Copy out all of the data that follows, exactly as it appears.

GIVEN DATA -
"""

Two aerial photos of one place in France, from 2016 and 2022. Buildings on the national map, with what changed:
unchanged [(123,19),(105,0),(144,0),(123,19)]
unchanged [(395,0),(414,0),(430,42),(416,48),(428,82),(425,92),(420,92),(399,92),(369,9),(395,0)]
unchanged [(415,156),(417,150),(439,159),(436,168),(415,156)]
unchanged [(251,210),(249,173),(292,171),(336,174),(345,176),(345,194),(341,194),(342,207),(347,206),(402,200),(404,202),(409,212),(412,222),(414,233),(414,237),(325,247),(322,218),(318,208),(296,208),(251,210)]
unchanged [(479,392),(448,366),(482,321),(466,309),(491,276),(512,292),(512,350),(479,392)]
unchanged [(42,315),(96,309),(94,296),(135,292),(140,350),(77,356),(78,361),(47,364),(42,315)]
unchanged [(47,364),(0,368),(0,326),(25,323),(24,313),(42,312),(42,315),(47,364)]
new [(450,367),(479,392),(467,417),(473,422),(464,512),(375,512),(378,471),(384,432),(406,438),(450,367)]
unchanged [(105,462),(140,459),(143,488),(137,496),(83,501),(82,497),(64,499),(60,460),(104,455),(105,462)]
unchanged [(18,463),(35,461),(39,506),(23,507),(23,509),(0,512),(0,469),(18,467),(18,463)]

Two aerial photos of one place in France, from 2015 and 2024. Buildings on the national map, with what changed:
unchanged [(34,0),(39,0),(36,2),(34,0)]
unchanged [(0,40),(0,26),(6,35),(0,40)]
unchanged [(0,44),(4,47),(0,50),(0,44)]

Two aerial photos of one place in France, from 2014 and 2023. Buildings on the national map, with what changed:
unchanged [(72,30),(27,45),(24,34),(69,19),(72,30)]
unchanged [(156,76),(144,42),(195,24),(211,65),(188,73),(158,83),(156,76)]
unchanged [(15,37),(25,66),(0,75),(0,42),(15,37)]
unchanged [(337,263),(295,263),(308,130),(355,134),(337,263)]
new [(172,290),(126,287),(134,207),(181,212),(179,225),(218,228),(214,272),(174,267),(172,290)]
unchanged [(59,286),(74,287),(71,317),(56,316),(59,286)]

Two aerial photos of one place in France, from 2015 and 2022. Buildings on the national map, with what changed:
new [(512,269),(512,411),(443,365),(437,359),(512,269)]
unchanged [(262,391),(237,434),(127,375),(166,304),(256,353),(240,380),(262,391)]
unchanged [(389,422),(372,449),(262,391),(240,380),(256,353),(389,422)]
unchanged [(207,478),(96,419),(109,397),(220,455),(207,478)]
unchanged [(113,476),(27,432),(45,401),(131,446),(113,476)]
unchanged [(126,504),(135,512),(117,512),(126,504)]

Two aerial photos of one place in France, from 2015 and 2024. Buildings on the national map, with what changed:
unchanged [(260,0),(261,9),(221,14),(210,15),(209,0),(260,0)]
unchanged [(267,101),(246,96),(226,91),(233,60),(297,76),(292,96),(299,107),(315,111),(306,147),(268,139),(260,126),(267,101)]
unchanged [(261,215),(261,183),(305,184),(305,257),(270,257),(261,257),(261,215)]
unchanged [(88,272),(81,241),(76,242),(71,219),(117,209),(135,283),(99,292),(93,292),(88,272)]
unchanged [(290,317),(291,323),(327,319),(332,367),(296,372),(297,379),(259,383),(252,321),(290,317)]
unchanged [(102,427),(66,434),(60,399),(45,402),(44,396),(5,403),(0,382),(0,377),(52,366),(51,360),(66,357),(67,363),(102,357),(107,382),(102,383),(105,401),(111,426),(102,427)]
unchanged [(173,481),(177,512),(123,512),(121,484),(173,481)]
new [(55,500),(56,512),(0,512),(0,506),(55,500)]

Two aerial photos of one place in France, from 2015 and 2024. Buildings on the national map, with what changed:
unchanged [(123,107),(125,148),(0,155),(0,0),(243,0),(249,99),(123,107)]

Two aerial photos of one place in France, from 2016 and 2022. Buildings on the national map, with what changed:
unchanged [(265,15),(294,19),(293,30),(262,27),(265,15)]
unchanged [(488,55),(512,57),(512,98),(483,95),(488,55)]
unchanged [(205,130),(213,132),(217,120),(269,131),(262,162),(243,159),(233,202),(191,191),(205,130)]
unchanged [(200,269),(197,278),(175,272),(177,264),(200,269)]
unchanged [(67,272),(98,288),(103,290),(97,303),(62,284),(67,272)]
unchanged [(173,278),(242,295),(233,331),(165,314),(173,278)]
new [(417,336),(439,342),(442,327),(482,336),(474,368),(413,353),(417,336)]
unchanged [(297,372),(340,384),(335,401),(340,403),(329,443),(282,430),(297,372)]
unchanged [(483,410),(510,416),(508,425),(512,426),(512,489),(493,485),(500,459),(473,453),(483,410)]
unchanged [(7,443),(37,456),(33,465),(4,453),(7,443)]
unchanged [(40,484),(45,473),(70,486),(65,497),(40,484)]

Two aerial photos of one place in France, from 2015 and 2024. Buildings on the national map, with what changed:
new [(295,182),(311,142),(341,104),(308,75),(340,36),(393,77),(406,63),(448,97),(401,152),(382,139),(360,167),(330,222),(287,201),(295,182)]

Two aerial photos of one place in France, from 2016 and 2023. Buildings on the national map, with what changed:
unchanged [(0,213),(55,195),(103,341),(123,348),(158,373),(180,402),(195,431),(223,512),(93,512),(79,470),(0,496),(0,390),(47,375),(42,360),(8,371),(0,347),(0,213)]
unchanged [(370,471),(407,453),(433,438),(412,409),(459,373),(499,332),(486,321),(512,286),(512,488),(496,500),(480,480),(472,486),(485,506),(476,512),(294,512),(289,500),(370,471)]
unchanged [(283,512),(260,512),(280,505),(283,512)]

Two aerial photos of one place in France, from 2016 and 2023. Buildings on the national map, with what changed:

"""

WRITTEN SOLUTION -
Two aerial photos of one place in France, from 2016 and 2022. Buildings on the national map, with what changed:
unchanged [(123,19),(105,0),(144,0),(123,19)]
unchanged [(395,0),(414,0),(430,42),(416,48),(428,82),(425,92),(420,92),(399,92),(369,9),(395,0)]
unchanged [(415,156),(417,150),(439,159),(436,168),(415,156)]
unchanged [(251,210),(249,173),(292,171),(336,174),(345,176),(345,194),(341,194),(342,207),(347,206),(402,200),(404,202),(409,212),(412,222),(414,233),(414,237),(325,247),(322,218),(318,208),(296,208),(251,210)]
unchanged [(479,392),(448,366),(482,321),(466,309),(491,276),(512,292),(512,350),(479,392)]
unchanged [(42,315),(96,309),(94,296),(135,292),(140,350),(77,356),(78,361),(47,364),(42,315)]
unchanged [(47,364),(0,368),(0,326),(25,323),(24,313),(42,312),(42,315),(47,364)]
new [(450,367),(479,392),(467,417),(473,422),(464,512),(375,512),(378,471),(384,432),(406,438),(450,367)]
unchanged [(105,462),(140,459),(143,488),(137,496),(83,501),(82,497),(64,499),(60,460),(104,455),(105,462)]
unchanged [(18,463),(35,461),(39,506),(23,507),(23,509),(0,512),(0,469),(18,467),(18,463)]

Two aerial photos of one place in France, from 2015 and 2024. Buildings on the national map, with what changed:
unchanged [(34,0),(39,0),(36,2),(34,0)]
unchanged [(0,40),(0,26),(6,35),(0,40)]
unchanged [(0,44),(4,47),(0,50),(0,44)]

Two aerial photos of one place in France, from 2014 and 2023. Buildings on the national map, with what changed:
unchanged [(72,30),(27,45),(24,34),(69,19),(72,30)]
unchanged [(156,76),(144,42),(195,24),(211,65),(188,73),(158,83),(156,76)]
unchanged [(15,37),(25,66),(0,75),(0,42),(15,37)]
unchanged [(337,263),(295,263),(308,130),(355,134),(337,263)]
new [(172,290),(126,287),(134,207),(181,212),(179,225),(218,228),(214,272),(174,267),(172,290)]
unchanged [(59,286),(74,287),(71,317),(56,316),(59,286)]

Two aerial photos of one place in France, from 2015 and 2022. Buildings on the national map, with what changed:
new [(512,269),(512,411),(443,365),(437,359),(512,269)]
unchanged [(262,391),(237,434),(127,375),(166,304),(256,353),(240,380),(262,391)]
unchanged [(389,422),(372,449),(262,391),(240,380),(256,353),(389,422)]
unchanged [(207,478),(96,419),(109,397),(220,455),(207,478)]
unchanged [(113,476),(27,432),(45,401),(131,446),(113,476)]
unchanged [(126,504),(135,512),(117,512),(126,504)]

Two aerial photos of one place in France, from 2015 and 2024. Buildings on the national map, with what changed:
unchanged [(260,0),(261,9),(221,14),(210,15),(209,0),(260,0)]
unchanged [(267,101),(246,96),(226,91),(233,60),(297,76),(292,96),(299,107),(315,111),(306,147),(268,139),(260,126),(267,101)]
unchanged [(261,215),(261,183),(305,184),(305,257),(270,257),(261,257),(261,215)]
unchanged [(88,272),(81,241),(76,242),(71,219),(117,209),(135,283),(99,292),(93,292),(88,272)]
unchanged [(290,317),(291,323),(327,319),(332,367),(296,372),(297,379),(259,383),(252,321),(290,317)]
unchanged [(102,427),(66,434),(60,399),(45,402),(44,396),(5,403),(0,382),(0,377),(52,366),(51,360),(66,357),(67,363),(102,357),(107,382),(102,383),(105,401),(111,426),(102,427)]
unchanged [(173,481),(177,512),(123,512),(121,484),(173,481)]
new [(55,500),(56,512),(0,512),(0,506),(55,500)]

Two aerial photos of one place in France, from 2015 and 2024. Buildings on the national map, with what changed:
unchanged [(123,107),(125,148),(0,155),(0,0),(243,0),(249,99),(123,107)]

Two aerial photos of one place in France, from 2016 and 2022. Buildings on the national map, with what changed:
unchanged [(265,15),(294,19),(293,30),(262,27),(265,15)]
unchanged [(488,55),(512,57),(512,98),(483,95),(488,55)]
unchanged [(205,130),(213,132),(217,120),(269,131),(262,162),(243,159),(233,202),(191,191),(205,130)]
unchanged [(200,269),(197,278),(175,272),(177,264),(200,269)]
unchanged [(67,272),(98,288),(103,290),(97,303),(62,284),(67,272)]
unchanged [(173,278),(242,295),(233,331),(165,314),(173,278)]
new [(417,336),(439,342),(442,327),(482,336),(474,368),(413,353),(417,336)]
unchanged [(297,372),(340,384),(335,401),(340,403),(329,443),(282,430),(297,372)]
unchanged [(483,410),(510,416),(508,425),(512,426),(512,489),(493,485),(500,459),(473,453),(483,410)]
unchanged [(7,443),(37,456),(33,465),(4,453),(7,443)]
unchanged [(40,484),(45,473),(70,486),(65,497),(40,484)]

Two aerial photos of one place in France, from 2015 and 2024. Buildings on the national map, with what changed:
new [(295,182),(311,142),(341,104),(308,75),(340,36),(393,77),(406,63),(448,97),(401,152),(382,139),(360,167),(330,222),(287,201),(295,182)]

Two aerial photos of one place in France, from 2016 and 2023. Buildings on the national map, with what changed:
unchanged [(0,213),(55,195),(103,341),(123,348),(158,373),(180,402),(195,431),(223,512),(93,512),(79,470),(0,496),(0,390),(47,375),(42,360),(8,371),(0,347),(0,213)]
unchanged [(370,471),(407,453),(433,438),(412,409),(459,373),(499,332),(486,321),(512,286),(512,488),(496,500),(480,480),(472,486),(485,506),(476,512),(294,512),(289,500),(370,471)]
unchanged [(283,512),(260,512),(280,505),(283,512)]

Two aerial photos of one place in France, from 2016 and 2023. Buildings on the national map, with what changed:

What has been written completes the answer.